6 months ago by
Seattle, WA USA
If your peak files are in BED format, you can use BEDOPS to do set operations to count overlaps between peaks:
$ bedops --not-element-of 100% A.bed B.bed > elements_unique_to_A.bed
$ bedops --not-element-of 100% B.bed A.bed > elements_unique_to_B.bed
$ bedops --everything A.bed B.bed | bedops --not-element-of 100% - <(bedops --everything elements_unique_to_A.bed elements_unique_to_B.bed) > elements_unique_to_A_and_B.bed
In a Venn diagam, you can think of these files as representing the disjoint overlaps between sets:
To count these subsets, use
$ wc -l elements_unique_to_A.bed
Once you have overlap counts, you would put these counts into a Venn diagram or Eulergrid/UpSetR plot to visualize them.

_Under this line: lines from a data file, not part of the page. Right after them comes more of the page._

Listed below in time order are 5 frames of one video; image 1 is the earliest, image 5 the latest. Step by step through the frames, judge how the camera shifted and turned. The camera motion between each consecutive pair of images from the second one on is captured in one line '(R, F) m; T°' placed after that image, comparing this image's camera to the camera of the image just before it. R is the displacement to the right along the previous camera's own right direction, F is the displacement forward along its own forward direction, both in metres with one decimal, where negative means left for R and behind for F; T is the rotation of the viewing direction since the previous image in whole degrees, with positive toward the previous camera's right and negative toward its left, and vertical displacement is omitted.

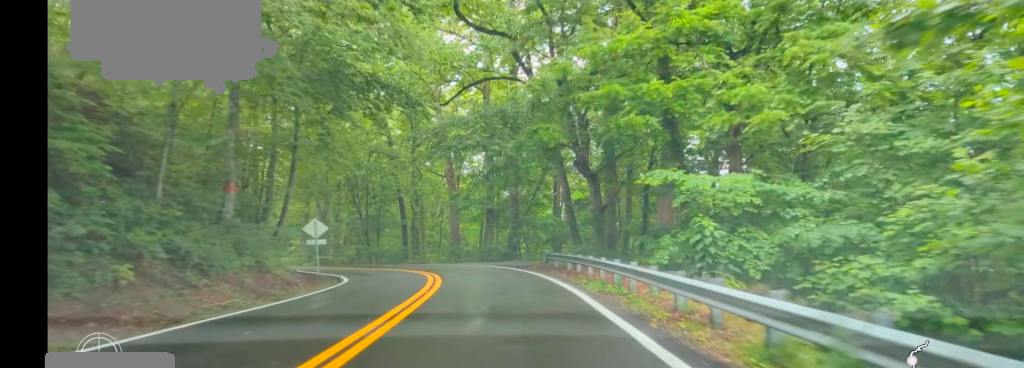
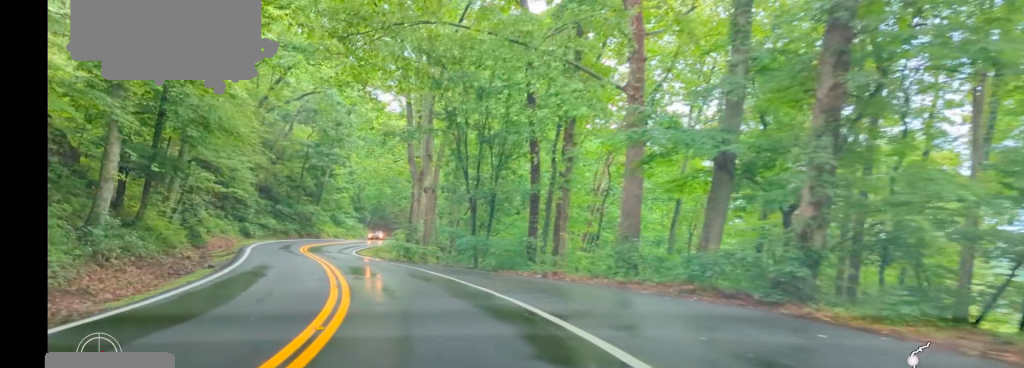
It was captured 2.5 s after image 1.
(-2.3, +29.9) m; -16°
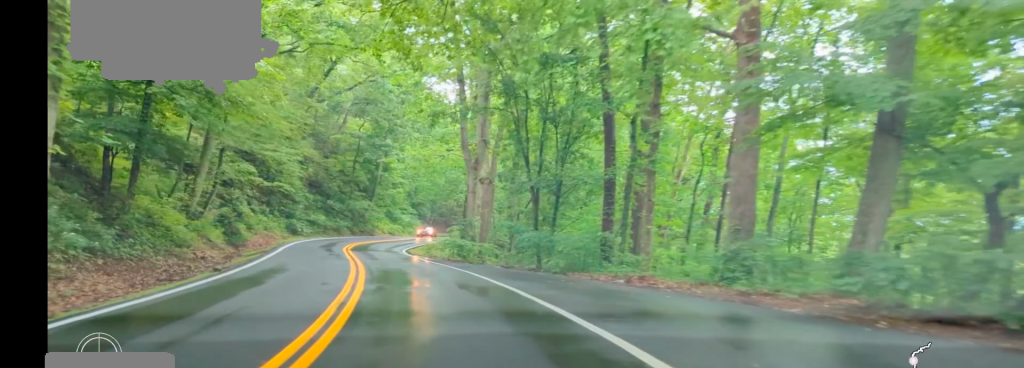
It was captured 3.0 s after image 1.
(-0.4, +5.7) m; -4°
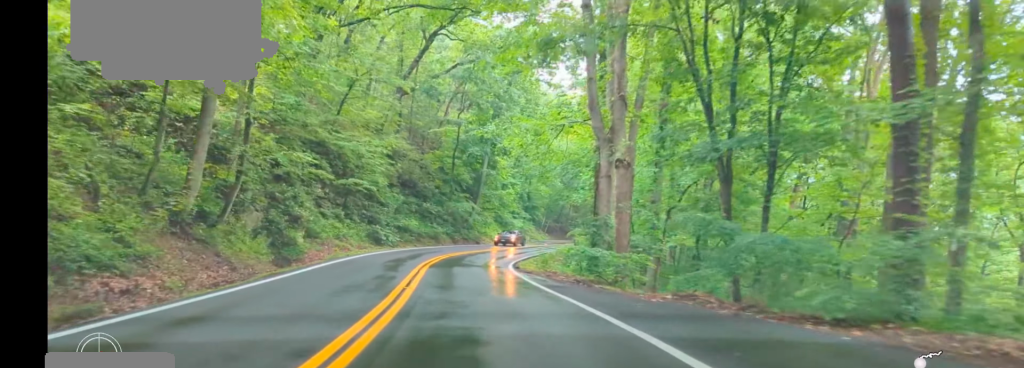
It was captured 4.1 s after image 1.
(-1.4, +14.5) m; -9°
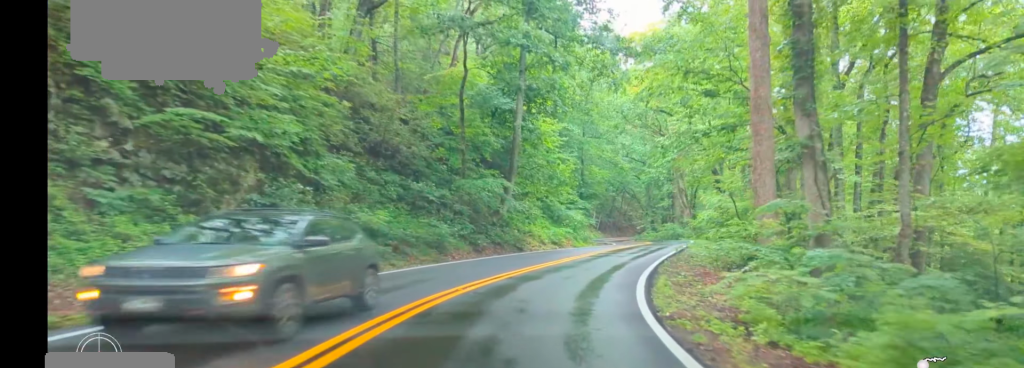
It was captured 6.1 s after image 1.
(-1.4, +25.4) m; -1°

If you have more than two sets, you would calculate overlaps between all subsets (the "powerset") of combinations of sets, and then count them with
Also, if you have more than two sets, you would not want to use a Venn diagram, but instead consider using an Eulergrid-style (UpSetR) plot. This is because use of more than two sets with a Venn diagram can lead to false interpretation of overlaps.
Eulergrid/UpSetR plots deal with this problem by showing overlaps as visually-distinct and proportionally-correct elements, and offering ways to sort or organize those elements that highlights certain subset overlaps.